No i dlatego widze, że takie Ci się podobają, daremne i cieńkie, czego o tym powiedzieć nie możesz...Chłopcze
Eeee ale nawet takich filmów nie mam w ulubionych, no ale jeżeli Twoim zdaniem Ojciec Chrzestny czy Siedmiu Samurajów (bo m.in. takie mam w ulubionych) to filmy cienkie to gratuluję gustu...
Co do Ojca chrzestnego to się zgodzę jest dobry, ale Ocean's jest równie fenomenalny. Filmów typu Ojciec chrzesny jest od groma, a z tak fenomenalnym scenariuszem jak Ocean's praktycznie nie ma takiego 2... Wiec zasługuje na wiecej niż 4/10...
TO nie film jest badziewny tylko ty masz za mało inteligencji żeby go zrozumieć!!!
haha dobre, a co tu jest do rozumienia? Film bardzo przeciętny, aktorstwo niestety też. Jak dla mnie 5/10
Aktorstwo przeciętne dobry tekst!! Same sławy kina Damon pitt Cloney czy chociażby Garcia! A co do rozumienia to jest dużo sam ich plan trzeba zrozumieć! A kto według Ciebie jest dobrym aktorem??? Może bracia Mroczek??
Dokladnie, film nie jet stwozony, zebys ogladal go ty :P, potrzeba troszeczke inteligencji zeby go zrozumiec :P
ocean's calkiem dobre filmidlo - 8/10
ale mowic, ze filmow jak godfather jest od groma, a ocean's jest jakis wyjatkowy ????
jest calkiem odwrotnie...
Filmów a'la goodfather jest dużo!! A a'la ocean's to plan doskonał i może teoria chaosu ale troche odbiega!

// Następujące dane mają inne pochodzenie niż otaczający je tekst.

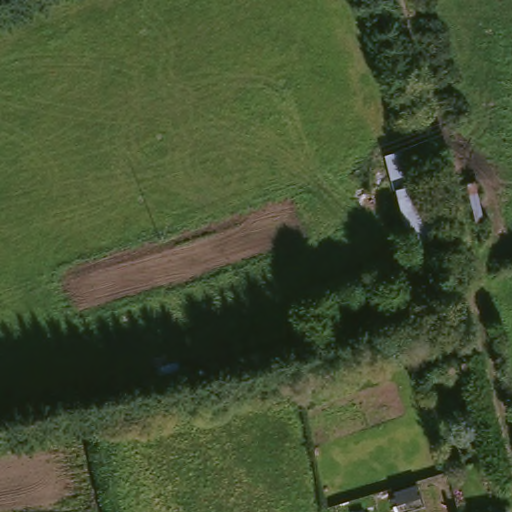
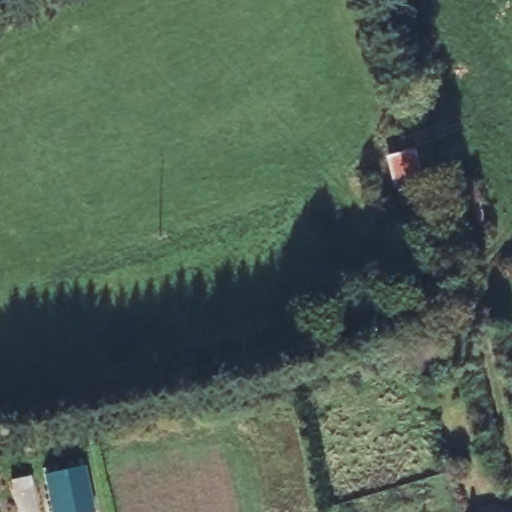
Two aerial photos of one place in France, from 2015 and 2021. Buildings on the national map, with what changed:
unchanged [(441,245),(409,255),(382,151),(414,145),(441,245)]
new [(45,475),(84,466),(94,512),(52,512),(45,475)]
unchanged [(500,507),(502,512),(479,512),(500,507)]

Świetny tekst "(...)takich jak goodfather jest mało" hahah uśmiałem się :P połowa topki jest naszpikowana samymi goodfatherami :P chociaż nie wiem dlaczego? Według mnie ocean's jest filmem lepszym niż ten wasz wielki Ojciec chrzestny. Tak samo z grą aktorską, po prostu potrafili odegrać wszystko: radość, smutek, rozdrażnienie, chęć zemsty itp. wszystko!!!
Masz racje Ocean's eleven bije goodfathera pod wszstkimi wzgledami!! W pełni Cię popieram!!
no sorry ale ja godfather to godfather....podajcie tytuly tych niby podobnych filmow...godfellas ? scarface ? the sopranos ? jesli to niby tematyka ma byc tym argumentem na to, ze jest wiele filmow godfatheropodobnych to zastanowcie sie co mozna powiedziec o ocean's ???
ale spoko
jak puszcza po raz tysieczny ocean's w tv i drewniak clooney wam sie znudzi to zatesknicie za wyjatkowoscia ojca chrzestnego :)
nite, z nimi nie pogadasz. Do klasyki jeszcze dorosną, będą się śmiać z tych swoich bredni ;]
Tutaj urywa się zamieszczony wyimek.